Aim of the task: The answer should reproduce every entry exactly and contain no images.

Records from a data collection:
____________

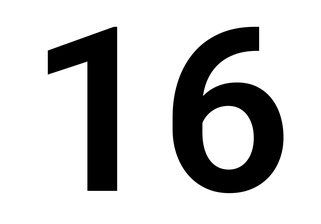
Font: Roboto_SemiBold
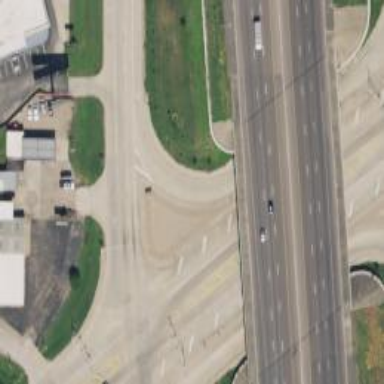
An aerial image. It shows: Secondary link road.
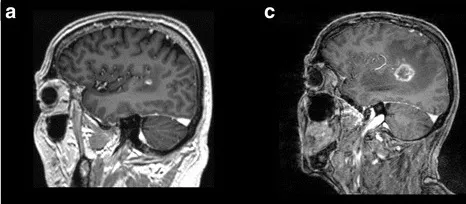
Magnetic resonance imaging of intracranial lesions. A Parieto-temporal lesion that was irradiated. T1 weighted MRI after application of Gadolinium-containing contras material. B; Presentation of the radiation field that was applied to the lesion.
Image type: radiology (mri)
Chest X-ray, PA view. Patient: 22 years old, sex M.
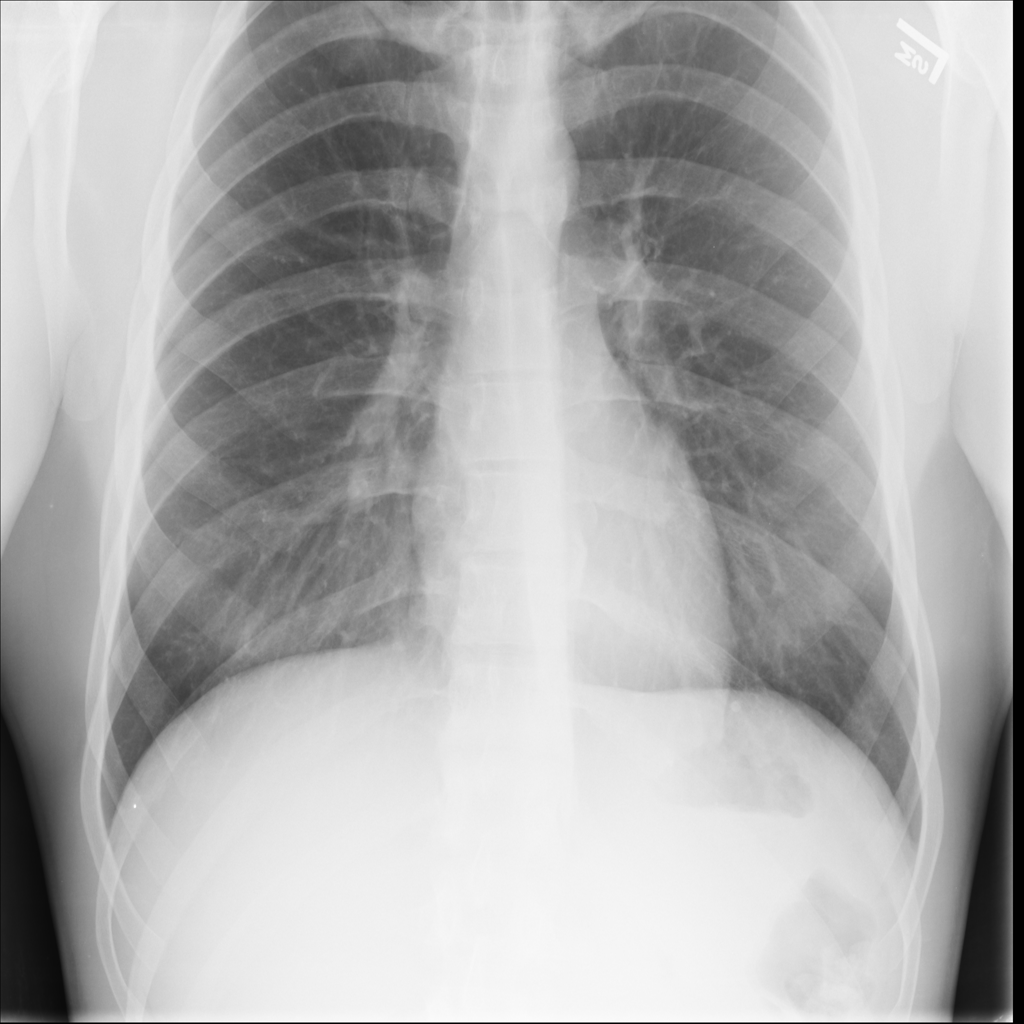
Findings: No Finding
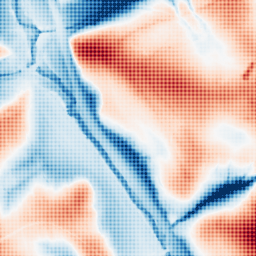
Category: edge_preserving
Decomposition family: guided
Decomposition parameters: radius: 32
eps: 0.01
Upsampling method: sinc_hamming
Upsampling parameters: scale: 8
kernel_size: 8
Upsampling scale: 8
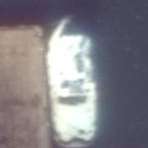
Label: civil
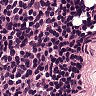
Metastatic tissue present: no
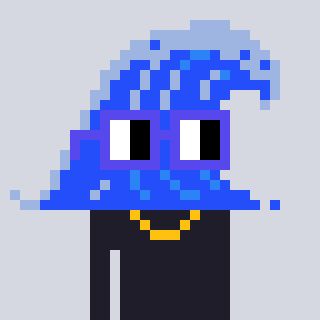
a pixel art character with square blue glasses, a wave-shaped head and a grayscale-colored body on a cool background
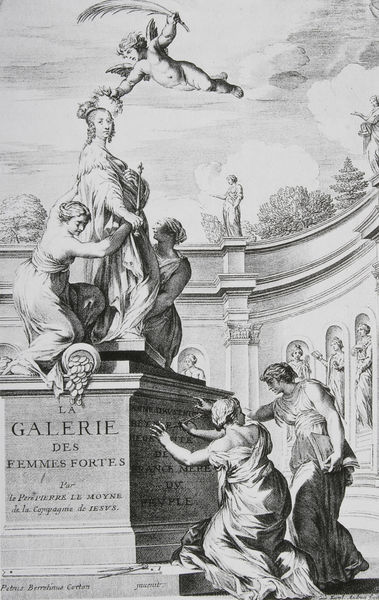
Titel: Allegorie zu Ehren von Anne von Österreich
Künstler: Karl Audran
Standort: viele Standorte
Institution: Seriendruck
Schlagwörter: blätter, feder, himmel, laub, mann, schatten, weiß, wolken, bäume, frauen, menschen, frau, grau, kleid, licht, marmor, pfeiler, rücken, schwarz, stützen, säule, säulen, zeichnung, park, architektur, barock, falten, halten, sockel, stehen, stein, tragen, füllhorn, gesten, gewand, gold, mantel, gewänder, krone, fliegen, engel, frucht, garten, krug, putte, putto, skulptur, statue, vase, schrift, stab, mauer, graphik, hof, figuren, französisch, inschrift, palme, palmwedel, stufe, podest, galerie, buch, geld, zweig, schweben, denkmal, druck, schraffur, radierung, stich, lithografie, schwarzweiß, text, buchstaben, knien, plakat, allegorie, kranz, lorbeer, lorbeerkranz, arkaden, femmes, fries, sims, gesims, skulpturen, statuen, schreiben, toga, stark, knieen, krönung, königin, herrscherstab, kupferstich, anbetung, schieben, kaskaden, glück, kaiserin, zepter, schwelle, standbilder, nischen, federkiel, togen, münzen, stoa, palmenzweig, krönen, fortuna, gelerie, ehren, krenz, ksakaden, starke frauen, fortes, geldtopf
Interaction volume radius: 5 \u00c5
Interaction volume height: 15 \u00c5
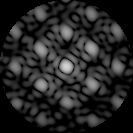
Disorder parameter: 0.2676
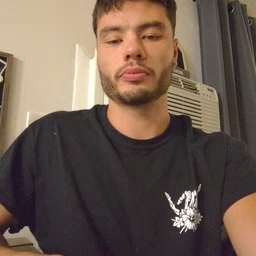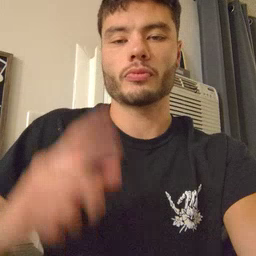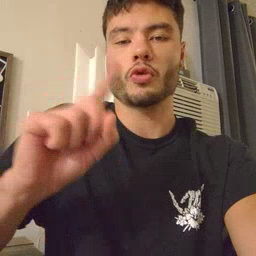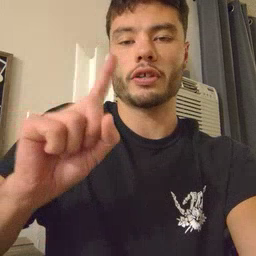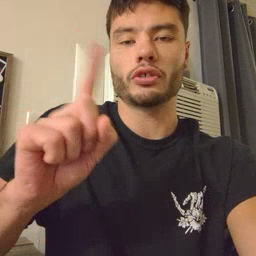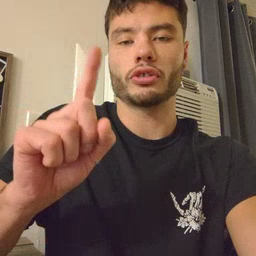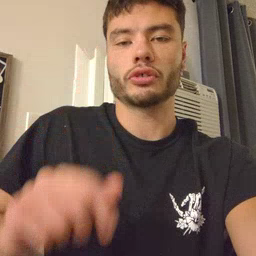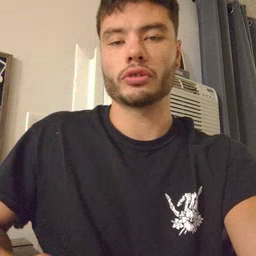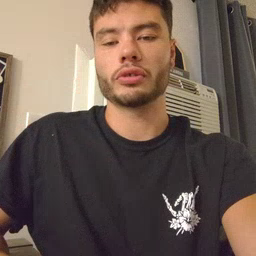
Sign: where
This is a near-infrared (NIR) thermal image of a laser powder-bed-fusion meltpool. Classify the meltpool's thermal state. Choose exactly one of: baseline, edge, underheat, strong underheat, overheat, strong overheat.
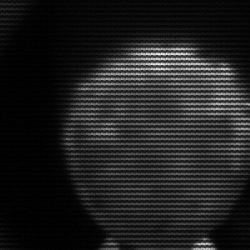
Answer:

____________

Response to the task:
Font: Roboto_SemiBold
An aerial image. It shows: Secondary link road.
Magnetic resonance imaging of intracranial lesions. A Parieto-temporal lesion that was irradiated. T1 weighted MRI after application of Gadolinium-containing contras material. B; Presentation of the radiation field that was applied to the lesion.
Image type: radiology (mri)
Chest X-ray, PA view. Patient: 22 years old, sex M.
Findings: No Finding
Category: edge_preserving
Decomposition family: guided
Decomposition parameters: radius: 32
eps: 0.01
Upsampling method: sinc_hamming
Upsampling parameters: scale: 8
kernel_size: 8
Upsampling scale: 8
Label: civil
Metastatic tissue present: no
a pixel art character with square blue glasses, a wave-shaped head and a grayscale-colored body on a cool background
Titel: Allegorie zu Ehren von Anne von Österreich
Künstler: Karl Audran
Standort: viele Standorte
Institution: Seriendruck
Schlagwörter: blätter, feder, himmel, laub, mann, schatten, weiß, wolken, bäume, frauen, menschen, frau, grau, kleid, licht, marmor, pfeiler, rücken, schwarz, stützen, säule, säulen, zeichnung, park, architektur, barock, falten, halten, sockel, stehen, stein, tragen, füllhorn, gesten, gewand, gold, mantel, gewänder, krone, fliegen, engel, frucht, garten, krug, putte, putto, skulptur, statue, vase, schrift, stab, mauer, graphik, hof, figuren, französisch, inschrift, palme, palmwedel, stufe, podest, galerie, buch, geld, zweig, schweben, denkmal, druck, schraffur, radierung, stich, lithografie, schwarzweiß, text, buchstaben, knien, plakat, allegorie, kranz, lorbeer, lorbeerkranz, arkaden, femmes, fries, sims, gesims, skulpturen, statuen, schreiben, toga, stark, knieen, krönung, königin, herrscherstab, kupferstich, anbetung, schieben, kaskaden, glück, kaiserin, zepter, schwelle, standbilder, nischen, federkiel, togen, münzen, stoa, palmenzweig, krönen, fortuna, gelerie, ehren, krenz, ksakaden, starke frauen, fortes, geldtopf
Interaction volume radius: 5 \u00c5
Interaction volume height: 15 \u00c5
Disorder parameter: 0.2676
Sign: where
This is a near-infrared (NIR) thermal image of a laser powder-bed-fusion meltpool. Classify the meltpool's thermal state. Choose exactly one of: baseline, edge, underheat, strong underheat, overheat, strong overheat.
Answer:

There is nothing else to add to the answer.